General SMFPRMxx recommendations:
- Use this member to document and keep track of product-assigned SMF record numbers. IBM assigns record types 0 through 127, while applications may use 128 through 255. Documenting which application uses each record type is quite important, especially for non-IBM products because there’s no single manual that lists which application creates which SMF records. It isn’t uncommon to find that people have lost track of which application uses each SMF record (see Figure 2).
- SMF provides several exit points where you can look at, modify or delete SMF records during processing. You should keep track of these exit programs someplace. While some sites used the SMFPRMxx member to document the list of active exits, the location of their source, the location of the load modules and a brief description of why they’re used, most sites today use PROGxx for that documentation. You really should be using the dynamic exit facility of Parmlib member PROGxx so the exits can be changed without an IPL and documented in PROGxx instead of in SMFPRMxx.
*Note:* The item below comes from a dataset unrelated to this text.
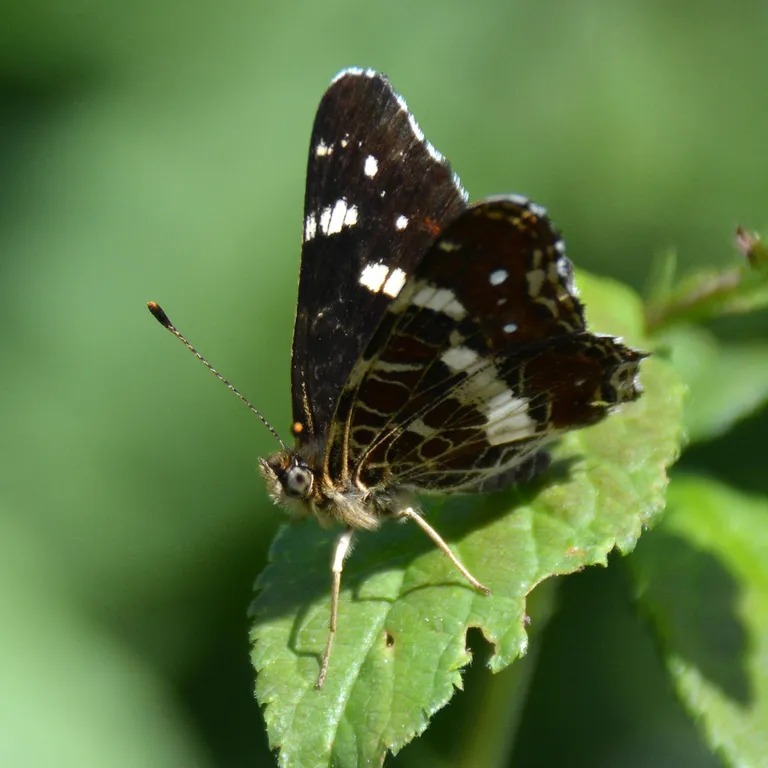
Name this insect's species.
Araschnia levana
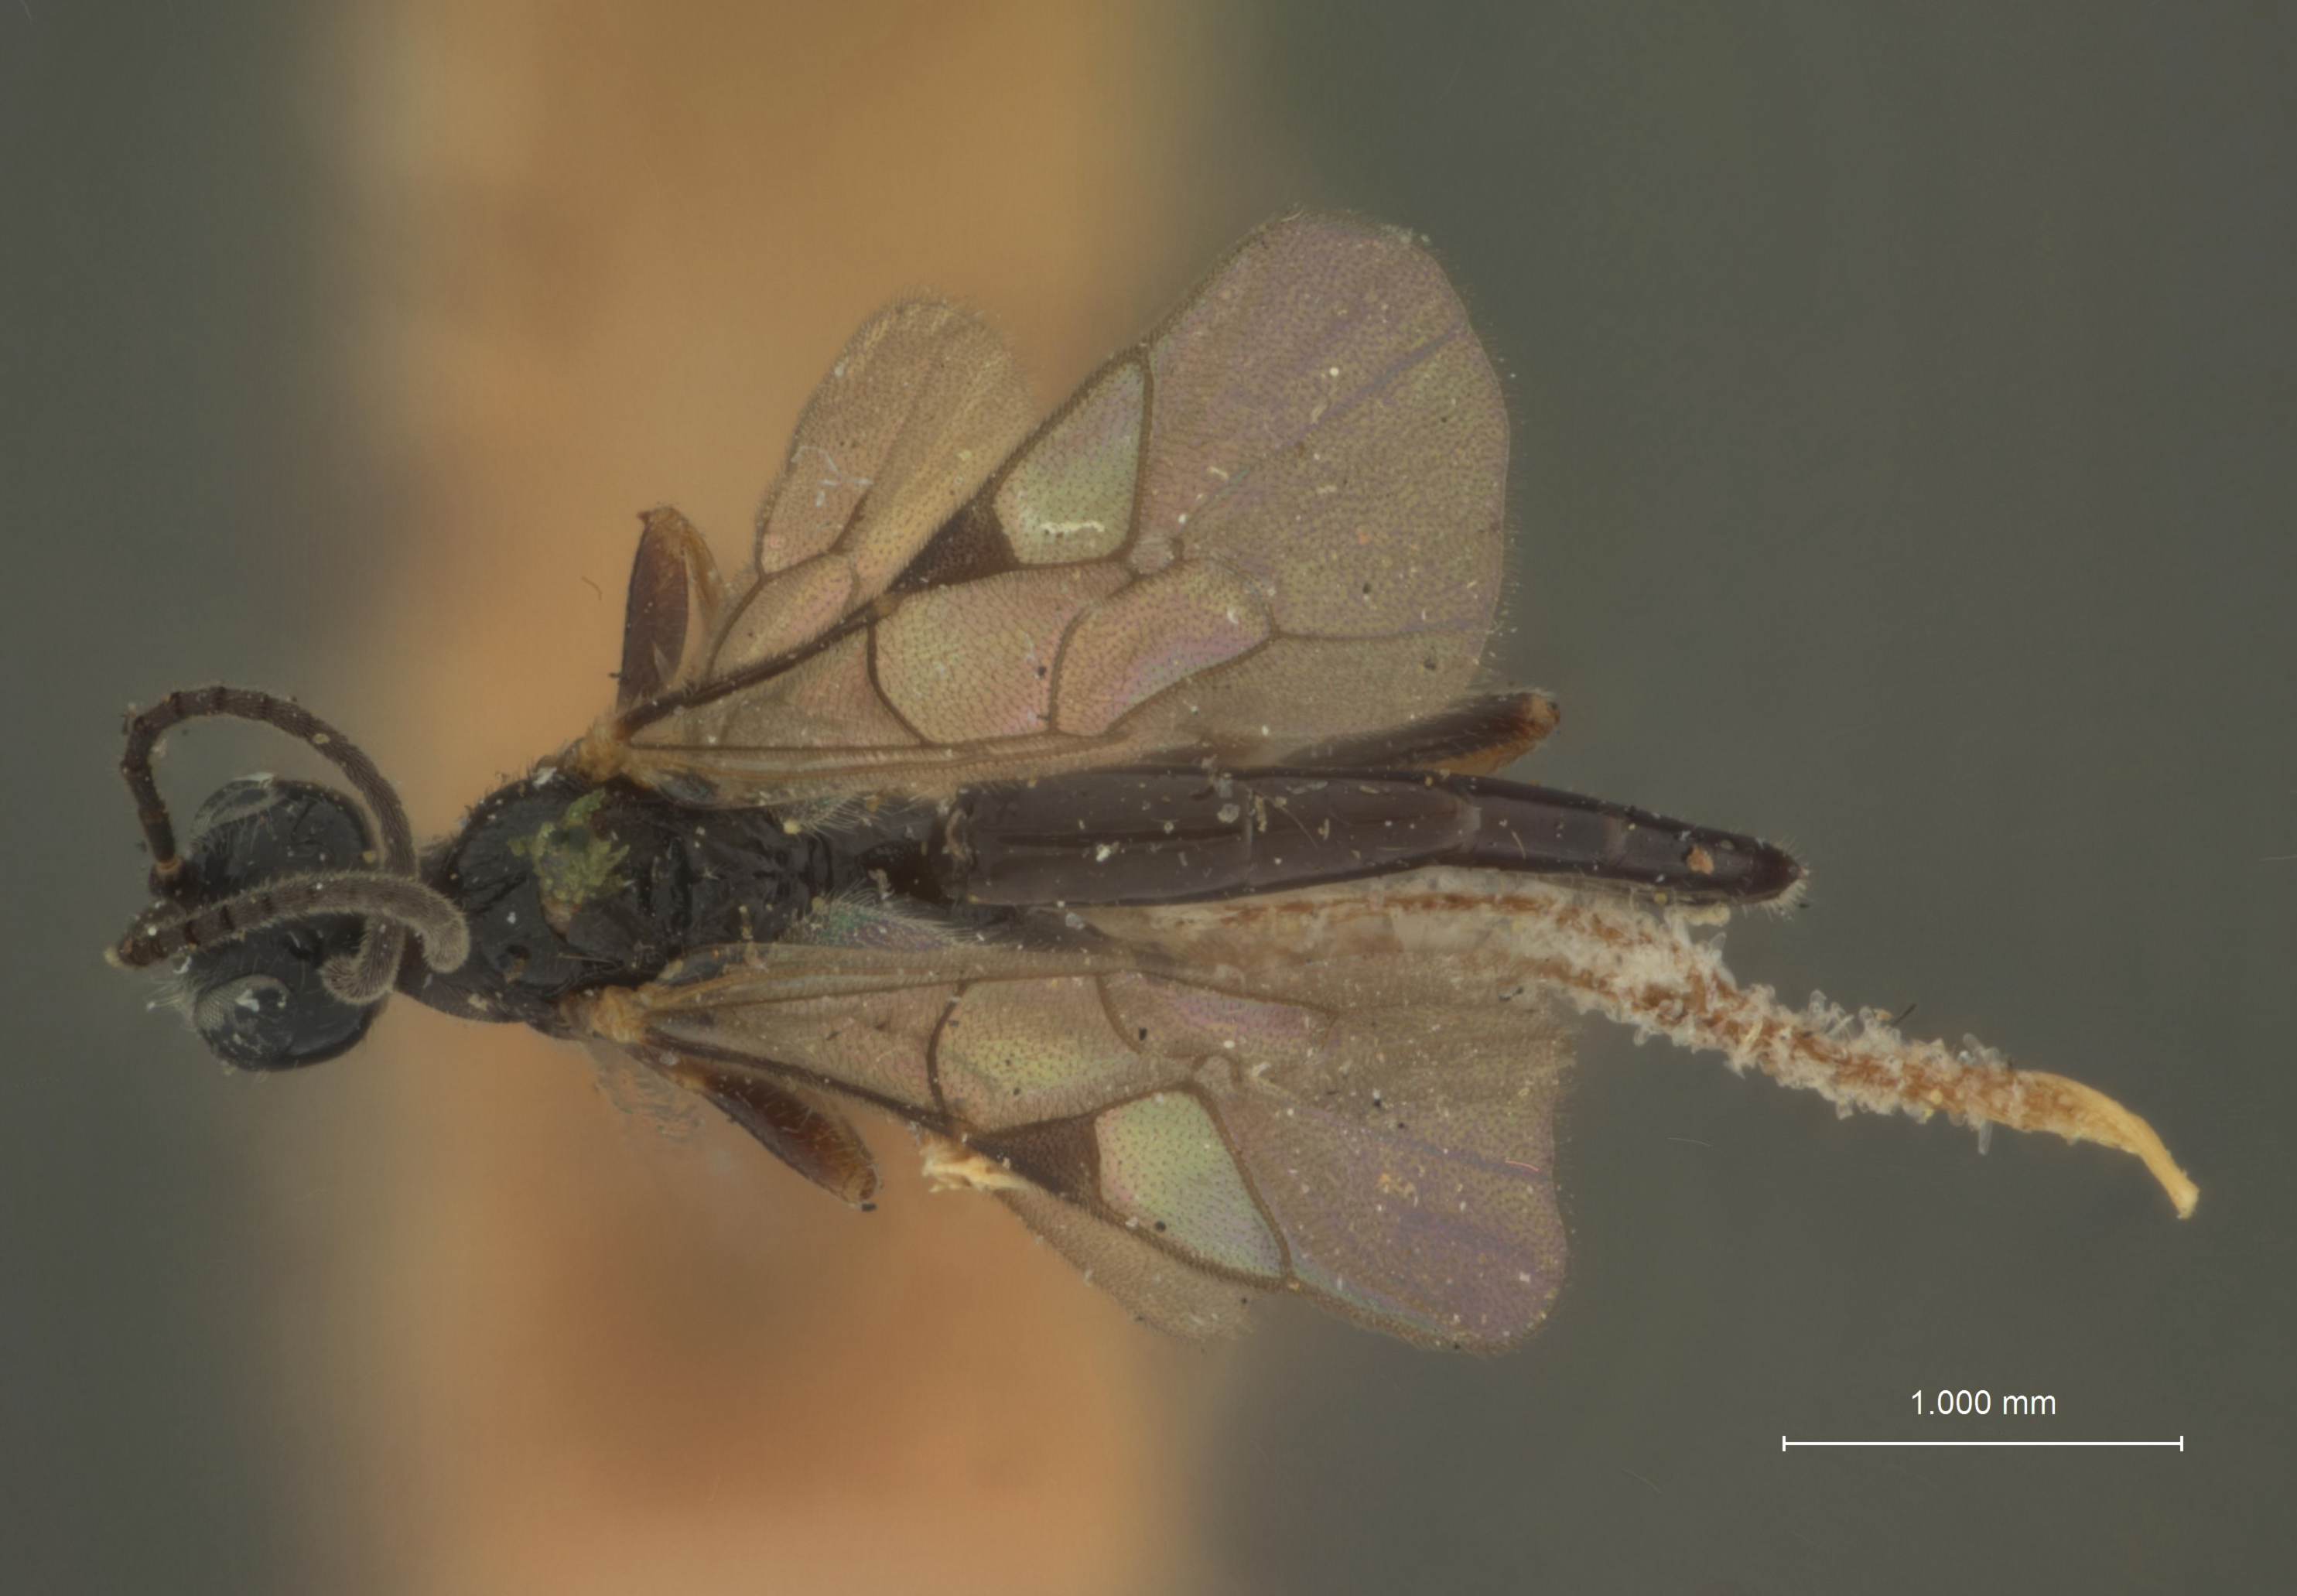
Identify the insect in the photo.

- Code only the parameters that differ from IBM defaults. If IBM identifies that some values should be changed, they can change the defaults. If you hardcode the IBM default value, the new default won’t be picked up when IBM changes it. It’s usually to your advantage to let the new defaults apply.
- Use this member to document when you make changes to the SMFPRMxx member. It can often help resolve problems when they occur. Add a date to the change line as well! Figure 2 shows an example.
A future article will describe each parameter and our recommendations.
The primary SMF manual is the z/OS MVS System Management Facilities (SMF). This provides the record layouts, exits, macros and several recommendations on using the SMF files:
- z/OS 1.13 MVS System Management Facilities (SMF) (SA22-7630-25)
- z/OS 2.1 MVS System Management Facilities (SMF) (SA38-0667-02).
The z/OS MVS Initialization and Tuning Reference manual describes all the SMFPRMxx Parmlib parameters:
- z/OS 1.13 MVS Initialization and Tuning Reference (SA22-7592-24)
- z/OS 2.1 MVS Initialization and Tuning Reference (SA23-1380-02).
A wonderful Redbook on the SMF Logger is SMF Logstream Mode—Optimizing the New Paradigm (SG24-7919). Also, you can find a summary of SMF record types in our SMF Reference Summary at www.watsonwalker. com/references.html.